Why I don’t update (but also why I won’t delete) my blog
I created this blog—my very first Tumblr account—in January 2012, about two months after a very, very bad breakup. He and I had been together 4 and a half years, and he was going to propose to me when we graduated from college that spring. We were going to get married, have three kids and live happily ever after. I thought I had my life figured out. Until one day, I realized I didn’t.
I couldn’t put my finger on why at the time, but I knew I would never be truly happy if I stayed. I left behind the safety and comfort of a stable but lukewarm partnership and was just rediscovering my independence. This blog, and the community it connected me to, was a way for me to navigate circumstances I hadn’t been in for almost five years.
Going back through my archives from my early Tumblr days, I realized just how many changes 2012 brought to my life. Based on the reblogs and text posts I’d made, I could trace the emotional roller coaster I was on: The short-lived rebound boyfriend, two desperate crushes on very good friends, the “bad” boy I wished I’d meant more to than a one night stand. And then, about halfway through the year, none of that mattered, because I fell in love for real. With a girl.
Although I’d internally acknowledged my bisexuality since I was 13, I always assumed that, for me, girls would just be for flings and hookups. I grew up in a relatively conservative family, so while I was comfortable with myself around my friends, a serious relationship with a woman didn’t seem like an option. I didn’t realize it then, but my Tumblr simultaneously chronicled my coming out, my falling in love and my falling out with the people who had trouble accepting my “sudden” change in preference, perhaps better than any formal diary did. As our relationship grew stronger, my dependence on Tumblr as an outlet waned. I no longer needed the vast, anonymous Internet to help me work through my problems because I had her instead. I posted less and less frequently, and then I just stopped.
I am no longer with that woman (in fact, we are amicably divorced and share “custody” of the dog we got together during our relationship), but I love that I have a record of everything that led up to her. Thought it’s easy to scoff at my overdramatic, “I know everything” 21-year-old self, it’s also a little bittersweet to remember how much emotional turmoil I was in back then. I admit I’m a bit embarrassed about just how ridiculous I sometimes sounded, but I refuse to delete anything. It’s a way for me to reach back through my own past, and in some ways, although she can’t hear me, I feel like it’s a way for me to tell Younger Me that she’ll pull through.
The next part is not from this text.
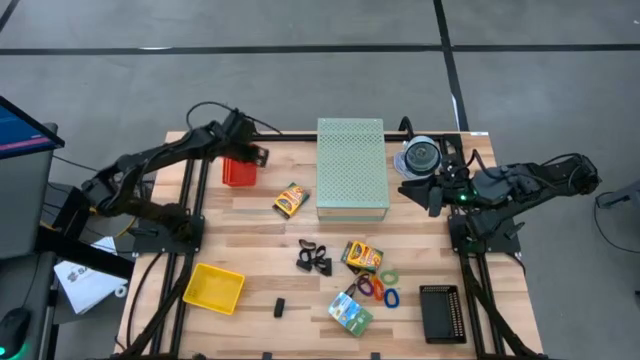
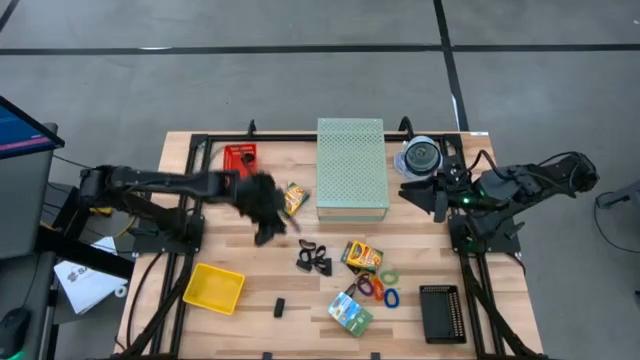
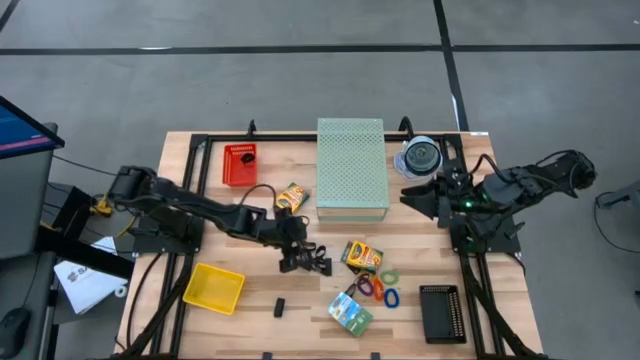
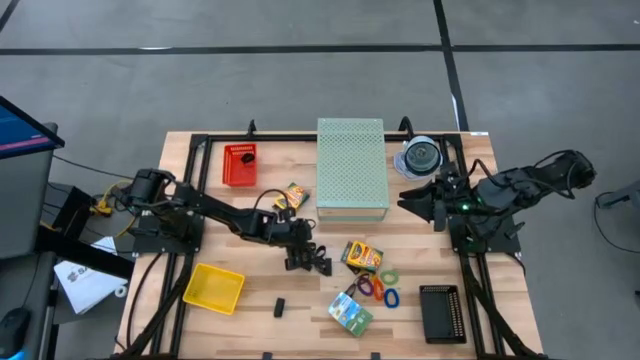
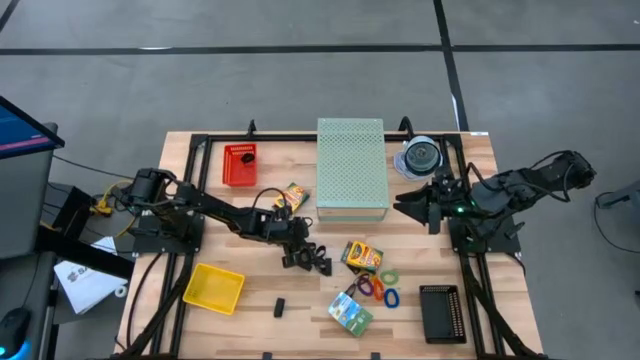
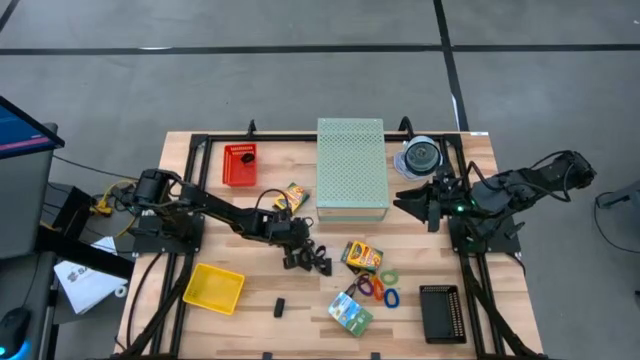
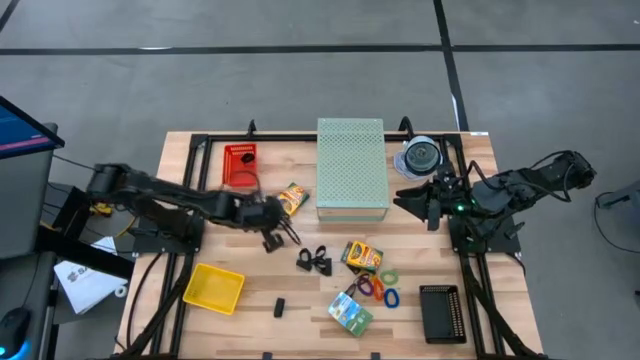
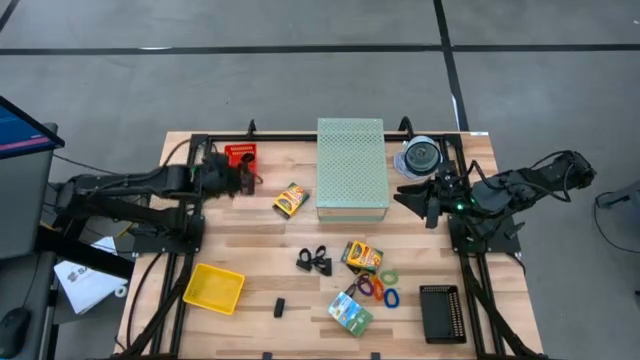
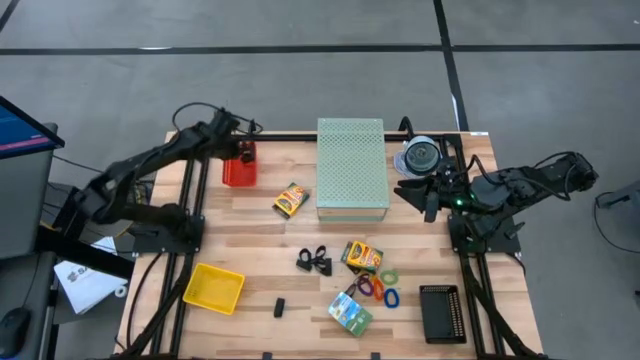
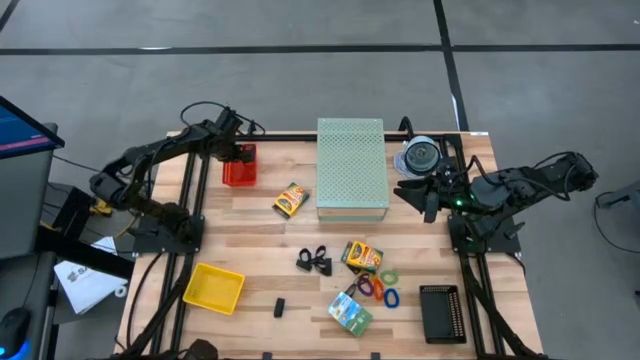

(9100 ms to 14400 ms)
Task: Pick & Place Office Desk Supplies
Put the black rubber band into the red bin

Her family will come around. Her true friends will be supportive. This love she was so conflicted about will change her life. And she didn’t have to run away from home to make all that happen.
And yet, I know that Younger Me had to go through all that to become the strong, stable person I am today. I think my real motivation for keeping this blog is to help me understand how I got here. How all the broken hearts taught me about love. How the fights with my parents actually strengthened our honesty and openness. How moving out on an entry-level salary with tens of thousands of dollars in student loans forced me to grow up and stop taking the comfortable life I had for granted. As Frederick Douglass famously said, “without struggle, there is no progress.” And man, was he right.
I probably won’t ever post to this blog again, so I just want to thank all the wonderful strangers here who helped me understand myself better. Whether you know it or not, you made a difference in my life, and I very likely wouldn’t be who I am without the gift of self discovery Tumblr bestowed upon me.
If I have but one lesson to impart to anyone who might see this, anyone who might be where I was about four years ago, it’s this: Be brave. Be brave enough to fight for what you want. Giving up something that’s stable but doesn’t make you happy doesn’t mean you’re crazy. It means you are wise enough to realize that your happiness should come first, and no one is going to hand it to you on a silver platter. You have to go after it yourself, cling tightly to those who support you, and drop anyone who doesn’t, no matter how much it hurts. Because as cliche as it sounds, it really does get better—but only if you allow it to.